To illustrate the difference, suppose there’s a service that, based on a budget you set, analyzes your friends’ social media accounts, then purchases and sends them the perfect gift. All you have to do is enter their information, click a button, and from then on you won’t have to lift a finger while your friends all receive just the right gifts on all the appropriate occasions. It’s unlikely that you’ll experience as much satisfaction as if you had picked the gifts yourself — and it doesn’t take a PhD to figure that out. All this analysis ultimately amounts to a mere confirmation of the timeless adage you’ve surely already heard: It’s the thought that counts.

The holidays are the perfect time to start working on your psychological well-being, and consequently, your happiness. Here are three great ways to focus on the thoughtful aspects of generosity:

  1. Invite your friends out to volunteer. You’re spending time together and helping out. What could possibly be more in keeping with the holiday spirit?

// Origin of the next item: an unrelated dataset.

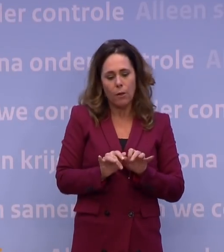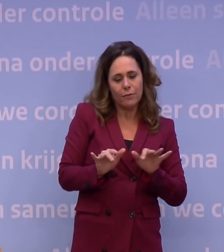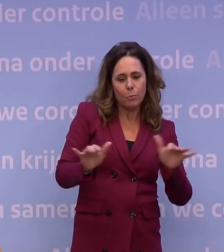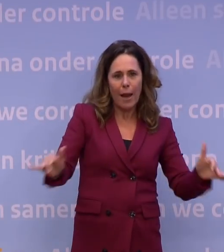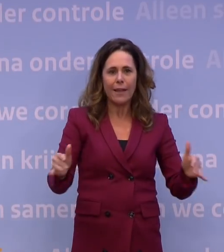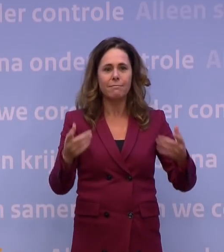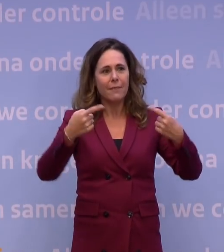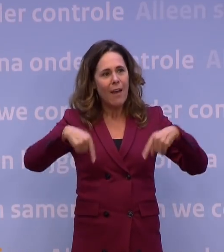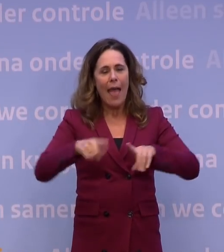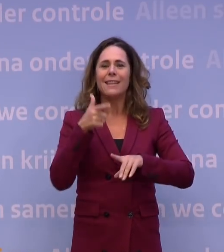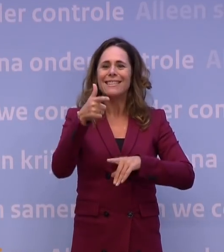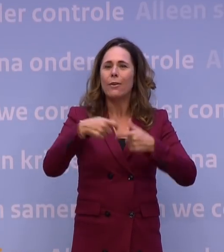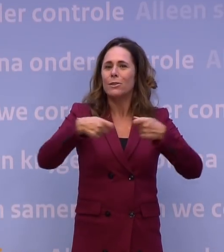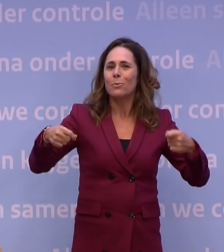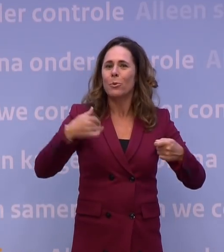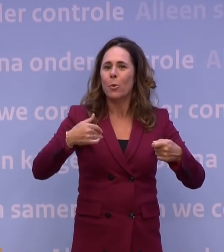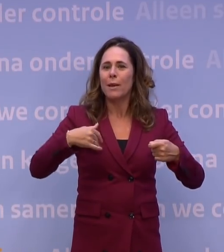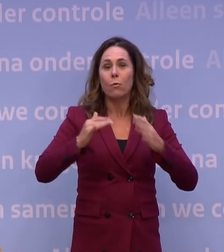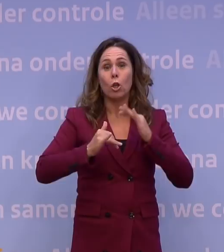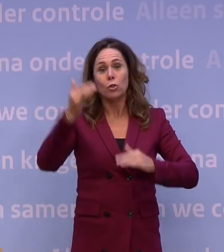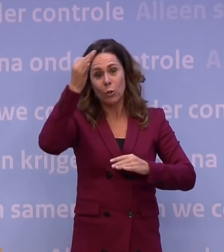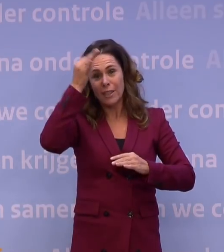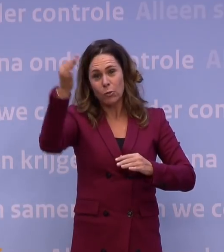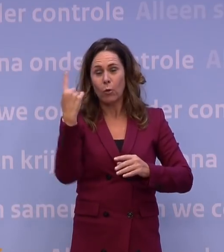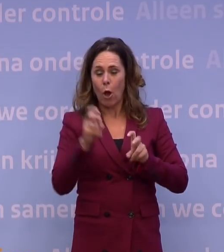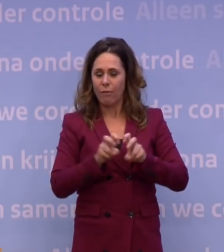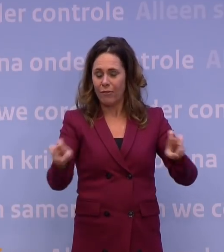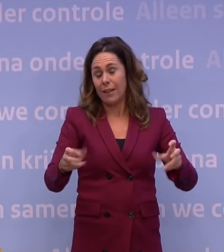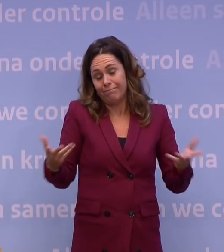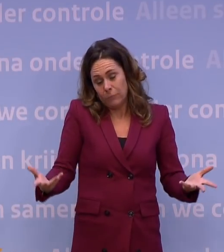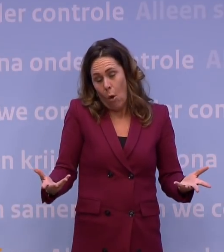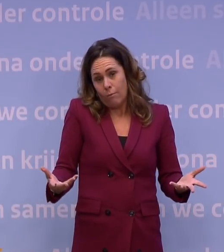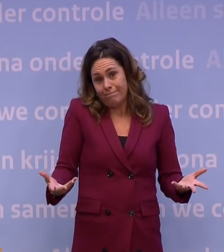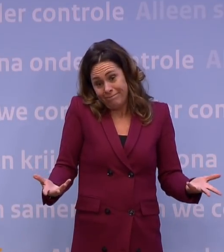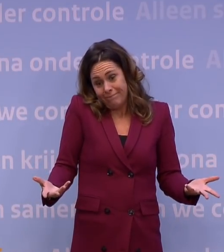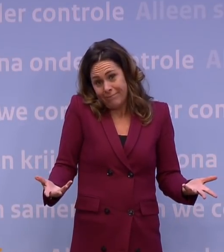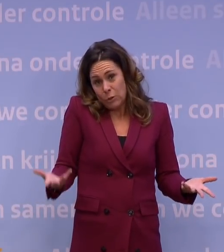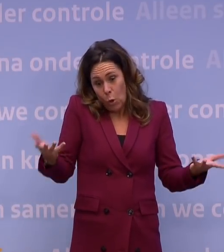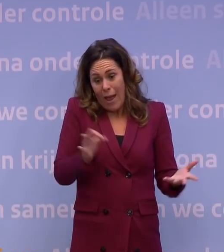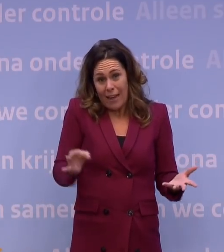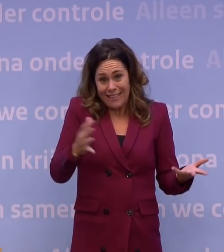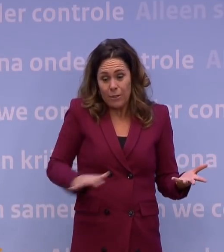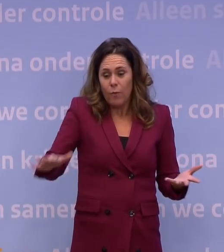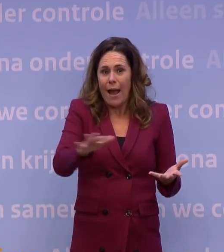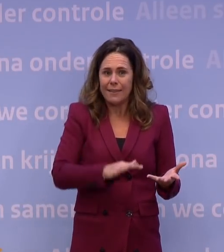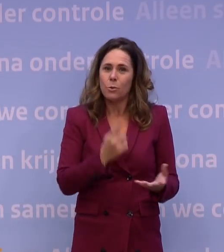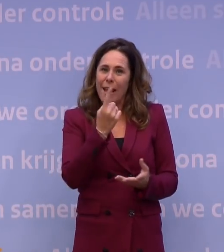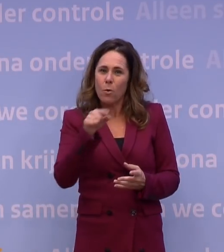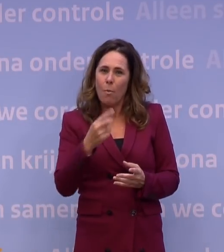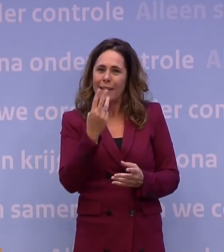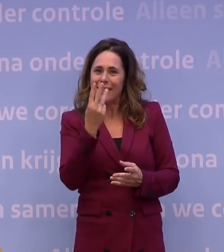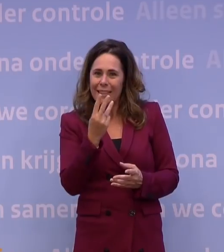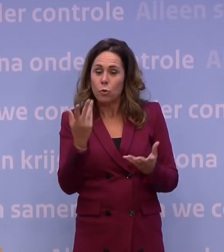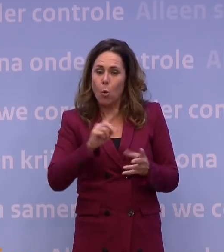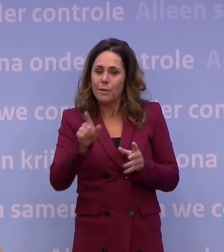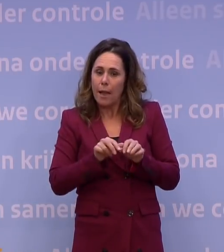deskundig, helaas, in dat virus. Maar het is een ellende waar we in zitten met z'n allen. Die 1,3, dus dat is hoe snel het zich verspreidt, waardoor je

  2. Give your loved ones the gift of time commitment. In our rush of modern times, we have a tendency to let valued relationships “get away from us.” Regular, scheduled time to make memories will be more rewarding for both parties than any bauble. Just make sure to show up.
  3. Start a fundraiser. If you don’t treat it like an obligation, you can have a lot of fun supporting a cause. Even better, you can put it on your resume.